It is with great sorrow that I write, tonight, about yet another large-scale migrant tragedy in the Mediterranean. Although it is being reported internationally, events elsewhere are grabbing the headlines and the deaths of at least 239 people on their tragic journey to what they hoped would be a life, if not a better one - for few of them would have been naive - have received scant attention in the English language news bulletins I have watched today [Thursday].
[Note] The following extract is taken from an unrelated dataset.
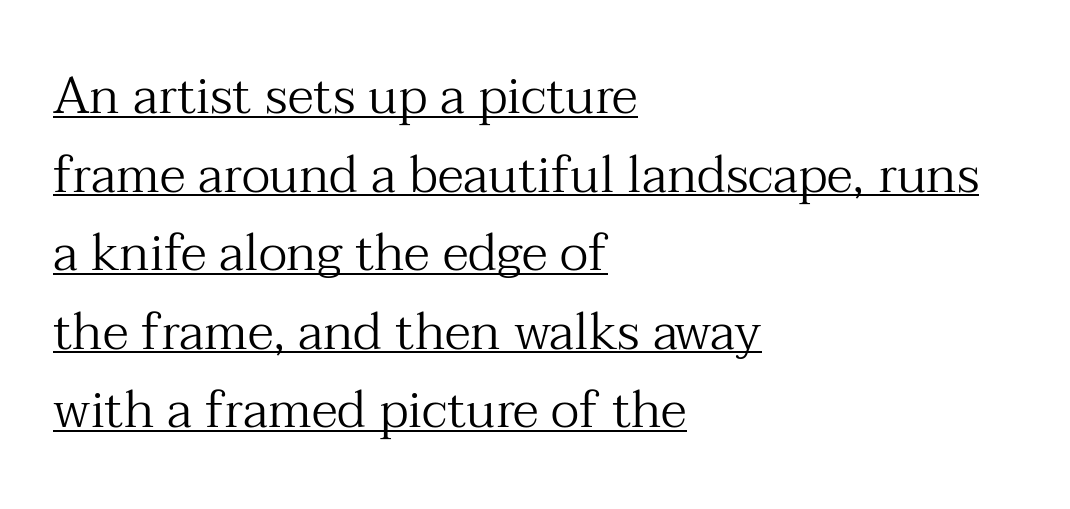
Counters stay open thanks to moderate or lighter strokes. Does the copy run flush right? No — it runs flush left. Every stem runs plumb, perpendicular to the baseline. A typesetter would call this leading conventional body-copy spacing.

As often happens in these cases, definite numbers are not, and may never be, available and details of what happened are being pieced together from what the survivors are able to tell their rescuers. What seems to have happened is as follows:
Two inadequate dinghies, one carrying 138 migrants and the other 140, left Libya in the early hours of Wednesday. The migrants knew that the boats were flimsy and would be overcrowded but were forced by people traffickers, who killed a man in front of them as a "lesson" in obedience - to embark. It wasn't long before the boats capsized in a rough sea about 25 miles off the Libyan coast. In a rescue operation involving five ships and coordinated by the Italian Coast Guard, 29 people were saved and taken to Lampedusa. Two were subsequently transferred to hospital in Palermo. So far 12 bodies, three of which are those of babies, have been recovered. Survivors think that the number of people missing could be 249.
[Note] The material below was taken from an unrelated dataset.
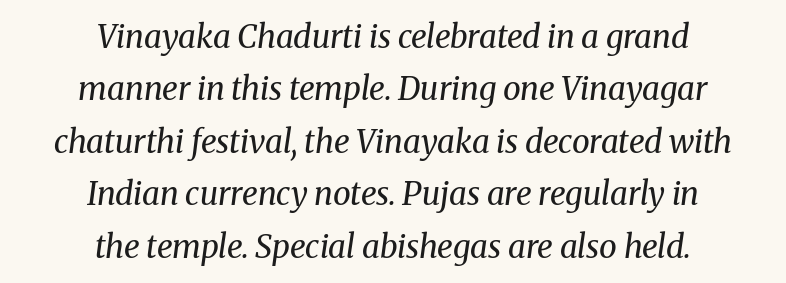
The image shows 32 px regular-weight serif type, italic (leaning right); set centered, normal line spacing (1.64x), normal letter spacing, not underlined; medium stroke contrast and a medium x-height.

If, as UNHCR estimates, the number is 239, that brings the death toll of migrants seeking safety in Europe this year to 4,220 - a staggering figure in a "civilised" world. Both the Mayor of Lampedusa, Giusy Nicolini, and UNHCR have today again called for safe corridors for migrants.
In other sad news today we learned that Fatim Jawara, the Gambian goalkeeper who played in the Women's Under 17 World Cup in Azerbaijan in 2012, has died on a migrant crossing. Her dream was to reach Europe and play for a major club here. Instead, her body is thought to be among those of 97 migrants who died on the night of 27th October. She was 19 years old.
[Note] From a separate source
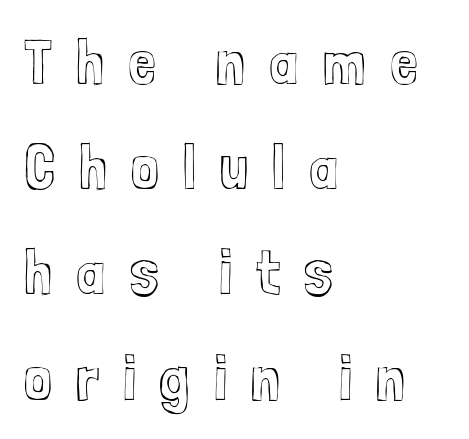
The image shows 63 px condensed type, upright; set left-aligned, normal line spacing (1.67x), unusually wide letter spacing (+0.38 em), not underlined; a medium x-height.

Flavio di Giacomo of the IOM said today that people traffickers are telling migrants that Europe is training the Libyan Coast Guard to carry out rescue missions so that those saved can be taken back to Libya rather than European ports such as Lampedusa. This may explain the present rush to board the boats, whatever the risk.
On Thursday a further 766 migrants were rescued in the Mediterranean in seven operations led by the Rome Coast Guard.